Opens June 25, 2014 at Laemmle Theaters –Los Angeles

Cast: Estelle Bajou, Zack Gold, Benner Visso, Kurdo Galali, Taies Farzan, Enwer Shekhani

Director-screenwriter-producer-editor: Jano Rosebiani

Director of photography: Jonas Sacks

Composers: Ciwan Haco, Agire Jiyan, Rodja, Mehmet Atli, Semir Ali

One Candle, Two Candles

One Candle, Two Candles, a visually outstanding film by Rosebiani explores the universal problem of forced marriage, particularly child betrothals in a Kurdish town. The story is told through a melodrama. A young 15 year old girl, Viyan (Katin Ender) falls victim to the barbaric tradition of forced marriage. Her pusillaminous, sycophant and greedy father lured by a rich dowry promised by a wealthy local businessman, Haji Hemmo (Enwer Shekhani), forces his young daughter to marry the polygamous man who is old enough to be her grandfather. The defenseless child bride defies such an injustice.
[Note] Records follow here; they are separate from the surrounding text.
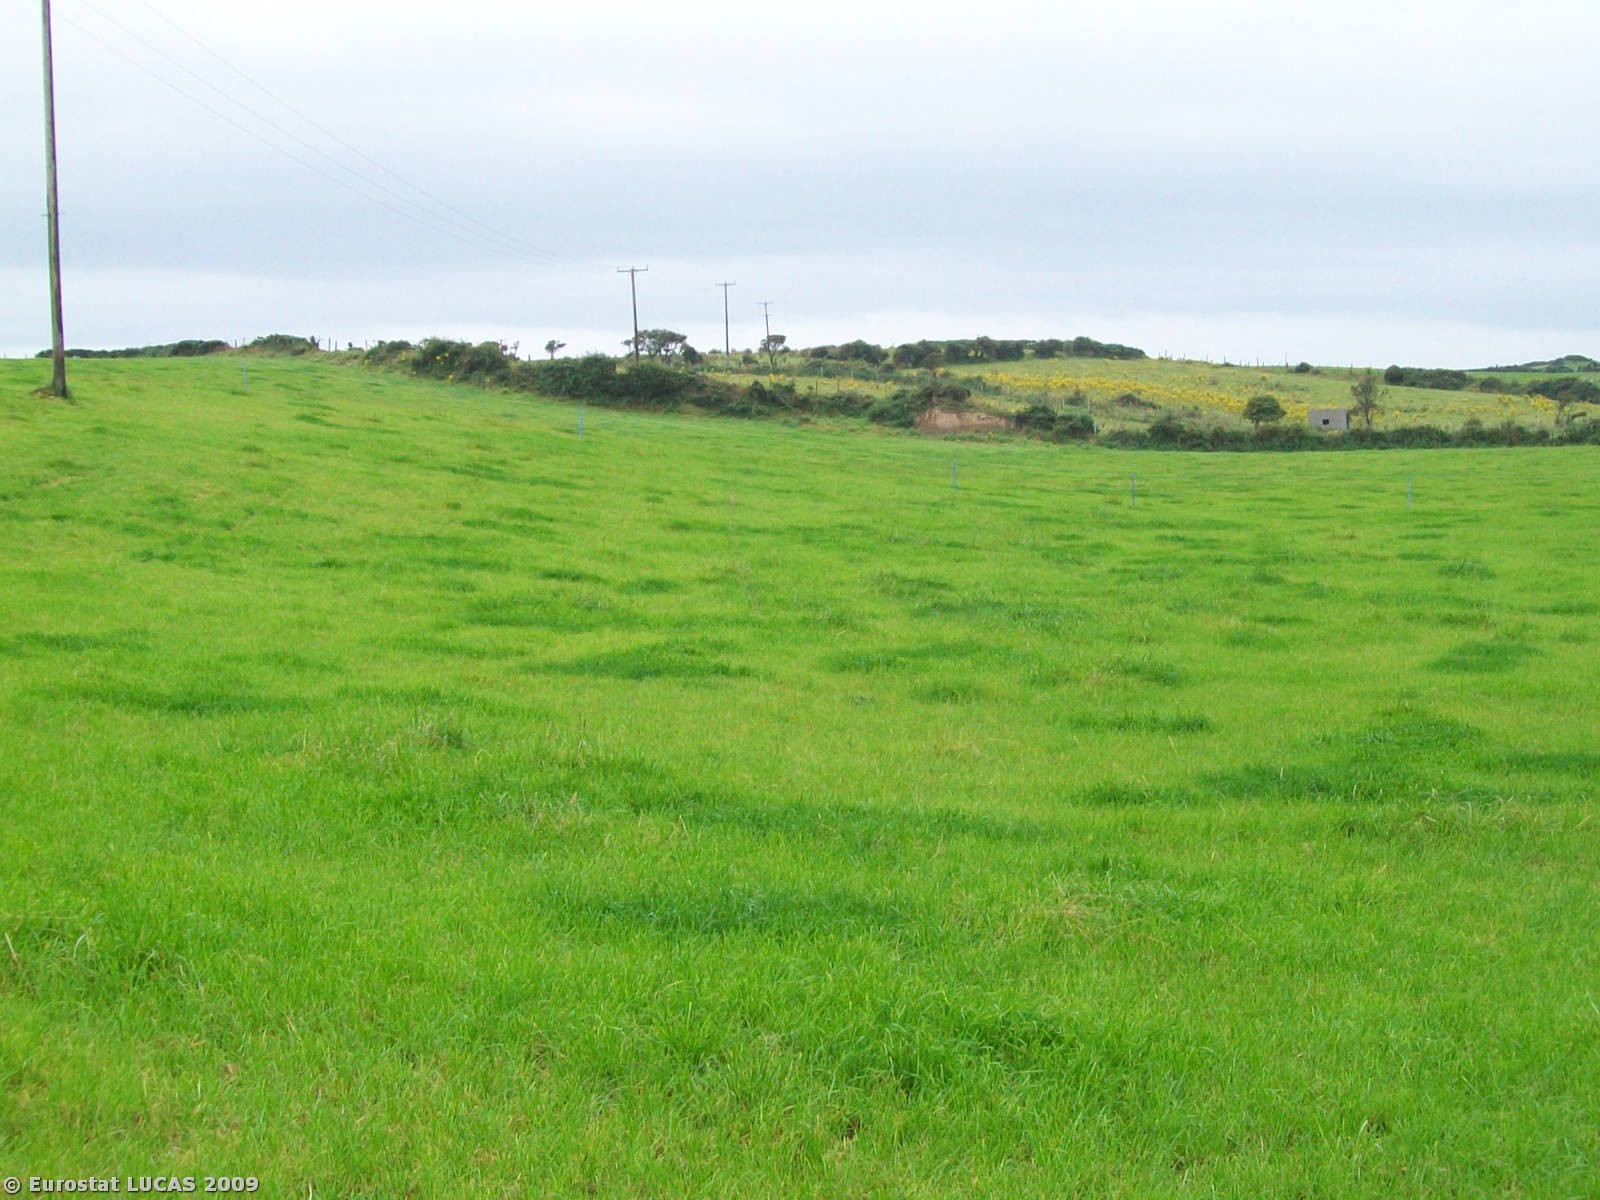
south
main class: Grassland
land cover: Spontaneously vegetated surfaces
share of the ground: > 75 %
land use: Fallow land
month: August
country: GB
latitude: 54.3142
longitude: -5.5468

On the eve of the wedding she flees the bridal chamber and in desperation climbs a tree from which she adamantly refuses to come down, causing great embarrassment for the much revered Haji, who becomes laughingstock of the townsfolk, including the town’s buffoon.  The increasingly disgruntled and wrathful Haji becomes more abusive, resorting to brutal beatings and raping of the underage girl.  He goes so far to attempt to set her on fire in a fireplace, not realizing that Viyan had managed to crawl out and subsequently helped by Haji’s two other wives. A number of characters, most of whom play their assigned roles well, create a seemingly jocular context for the melodrama: Botan (Perwer Tariq), a travelling artist who falls in love with Viyan, a sphephard who prays to God for a new pair of shoes, a hunchback flasher, Dino, the village buffoon, and most notably, the ubiquitous Kitan (Mina Ibrahimzadeh) known and feared by boys as the “Ball Buster” for the type of death she had inflicted on her violent husband. The power and magic of love prevails in the end as Viyan, despite many ordeals, succeeds in eloping with Botan. Kitan finds her way into the Haji’s house; his shrill cries reecho through the hillside while Viyan, Botan and some other townsfolk are dancing on a bridge right before the two lovers elope on a motor cycle. The film despite its occasionally misplaced humor, succeeds in warning the Kurdish society against the agony and atrocity that young girls are subjected to; many are not are not as lucky as Viyan was to escape their tormenting lives.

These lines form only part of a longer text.